Las diferencias con la Generación Dorada
Aquí hay diferencias notables con la Generación Dorada, que en 2002 logró la misma medalla de plata. Es muy difícil creer que cuatro o cinco de estos jugadores pueden triunfar y ser líderes de sus equipos en la NBA, por ejemplo, como pasó con la camada anterior. Aunque pueden surgir otros, eso nunca se sabe.
Pero aparte, la forma de vida de estos chicos es distinta. Hay una línea de conducta que tomaron de sus antecesores y que se mantiene intacta: los valores, el respeto el entrenador, por los rivales, por la camiseta argentina. El sacrificio, el deseo de ganar, la pasión por el básquet. Pero son diferentes. Ni mejores ni peores. Es otra cultura, otra sociedad. Aquellos podían planificar con mucha anticipación lo que tenían en mente para su futuro. Estos chicos necesitan vivir el presente, nada más. Y cada desafío se resolverá según cómo lo decidan ante las necesidades de cada momento. Cargarlos hoy con responsabilidades innecesarias respecto de las exigencias deportivas sólo los conduciría al fracaso.

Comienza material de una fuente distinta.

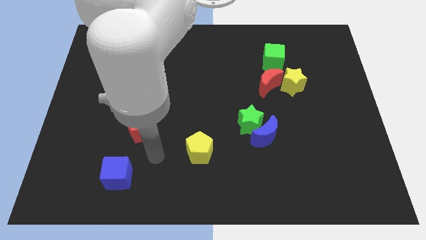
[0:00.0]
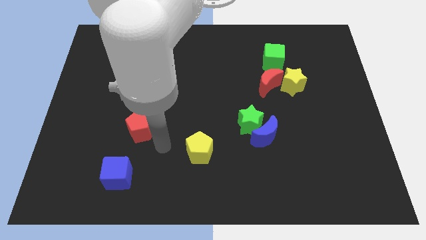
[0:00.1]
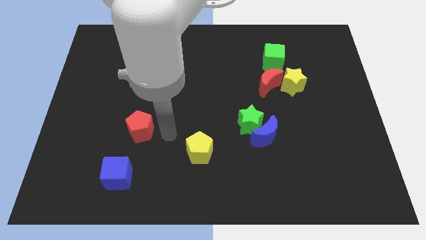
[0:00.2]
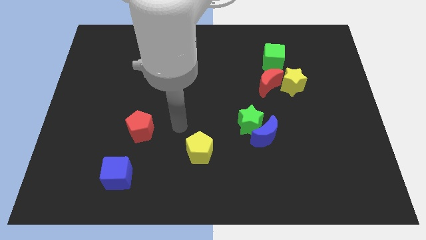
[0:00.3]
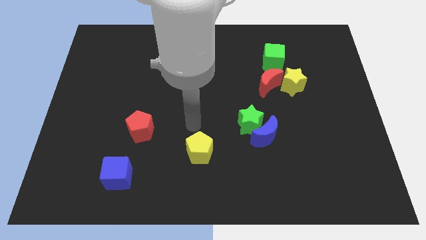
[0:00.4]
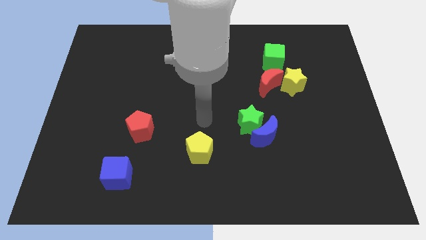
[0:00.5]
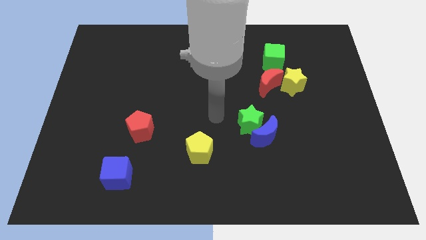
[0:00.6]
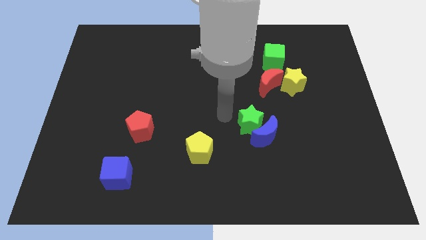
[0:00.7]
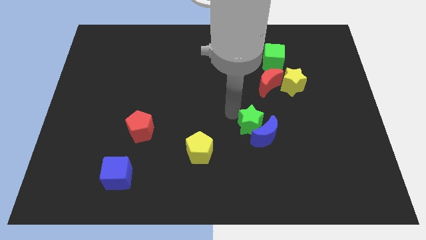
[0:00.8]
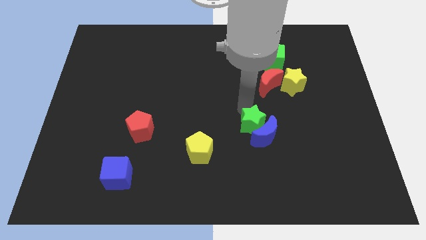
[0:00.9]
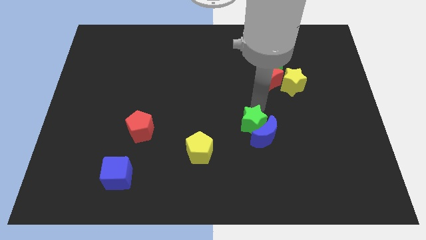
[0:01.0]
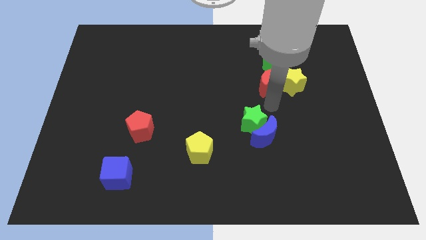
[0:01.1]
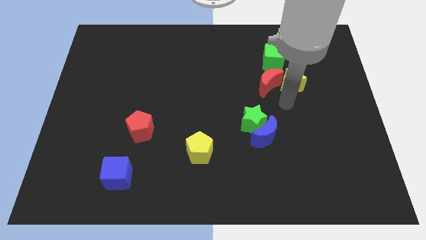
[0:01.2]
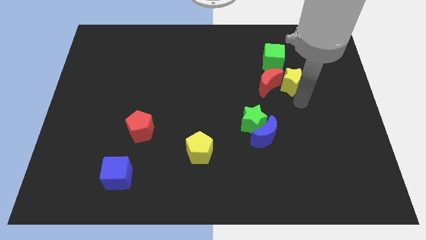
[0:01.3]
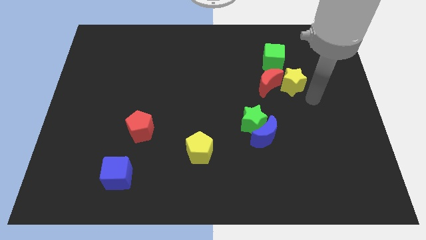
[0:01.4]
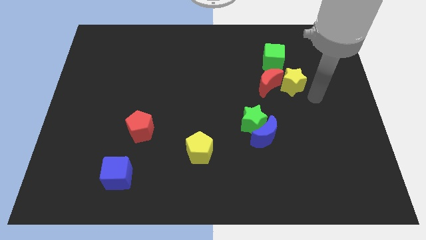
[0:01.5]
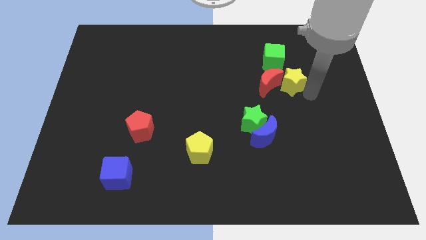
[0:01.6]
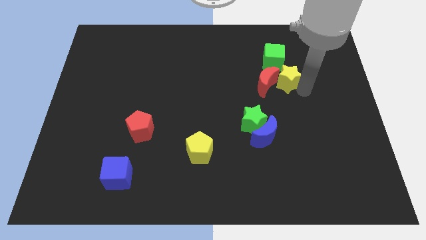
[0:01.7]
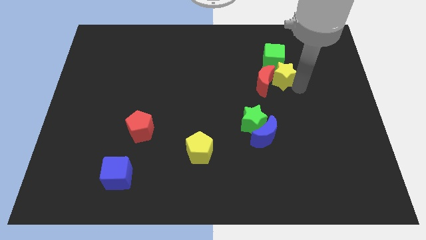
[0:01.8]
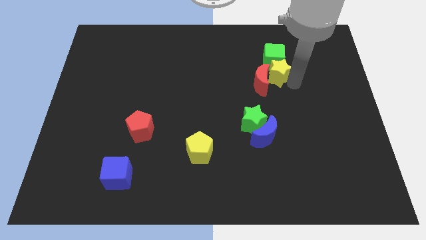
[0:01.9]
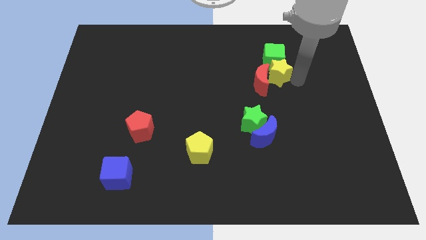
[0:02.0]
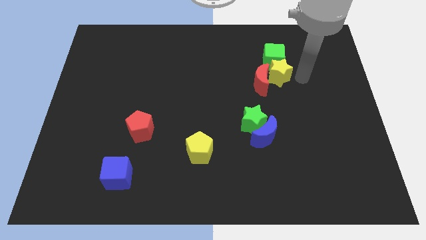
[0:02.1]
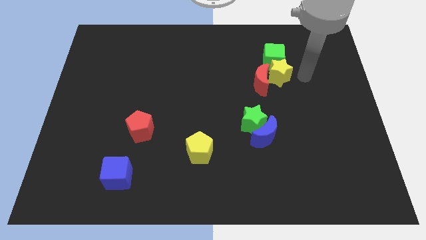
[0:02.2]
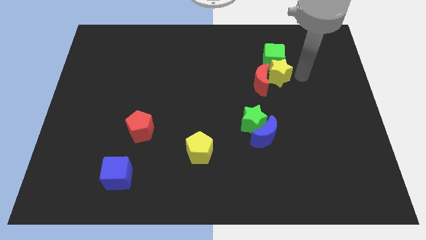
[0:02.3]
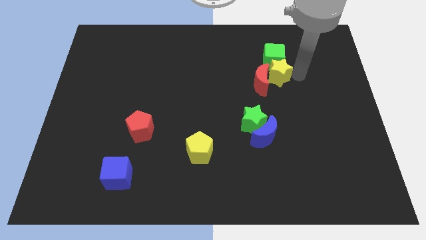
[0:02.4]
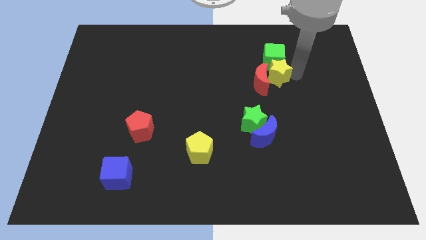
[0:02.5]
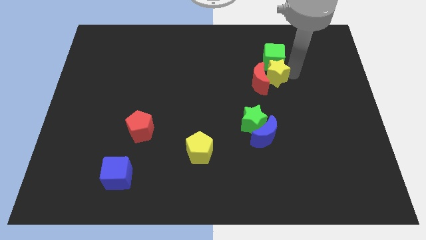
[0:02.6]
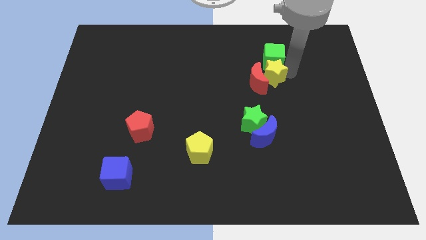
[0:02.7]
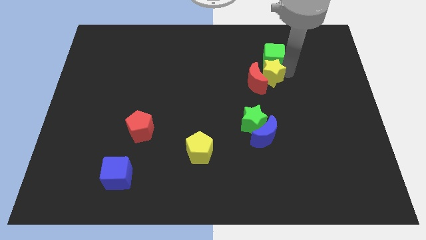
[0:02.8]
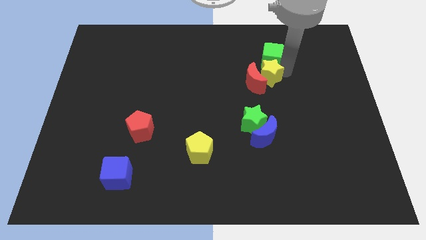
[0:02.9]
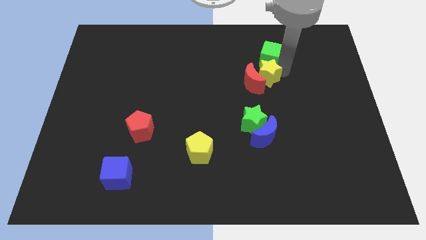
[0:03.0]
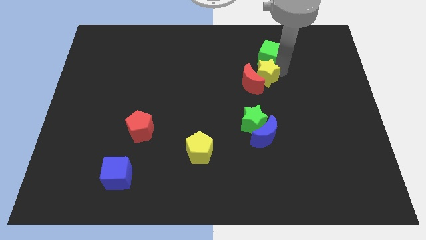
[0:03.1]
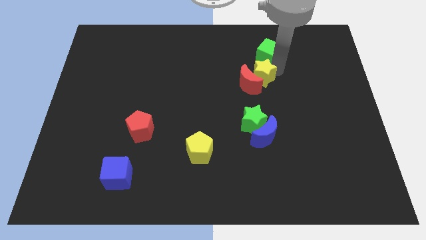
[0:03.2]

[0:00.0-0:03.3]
slide the yellow star to the left slightly

"Siento que en el básquet actual los entrenadores no queremos que los jugadores piensen mucho. A veces parece que cuando tienen que poner demasiado en la cabeza pueden empezar a dudar. Por eso es más común ver equipos que tiran en siete u ocho segundos de posesión. Que necesitan generar un quiebre en la defensa rival muy rápido y luego tomar decisiones apenas se presenta la oportunidad", contó Hernández en una charla con alumnos de una escuela de periodismo el año pasado.
Hernández ya tiene 55 años y pasaron 26 de aquel comienzo en Cañada de Gómez. Pero mantiene su espíritu jovial, interpreta las necesidades de estos chicos y las traslada a la cancha del mismo modo que lo hizo en aquella primera experiencia de la Liga. "¡Volvemos como caballos!", le gusta decir para figurar el esfuerzo defensivo que quiere de sus hombres en el parquet. Si son potros salvajes, sabe que puede tratar de domarlos, pero tampoco demasiado. El compromiso para con el equipo ya lo asumieron hace tiempo. Adentro de la cancha sólo hay que dejarlos galopar en libertad.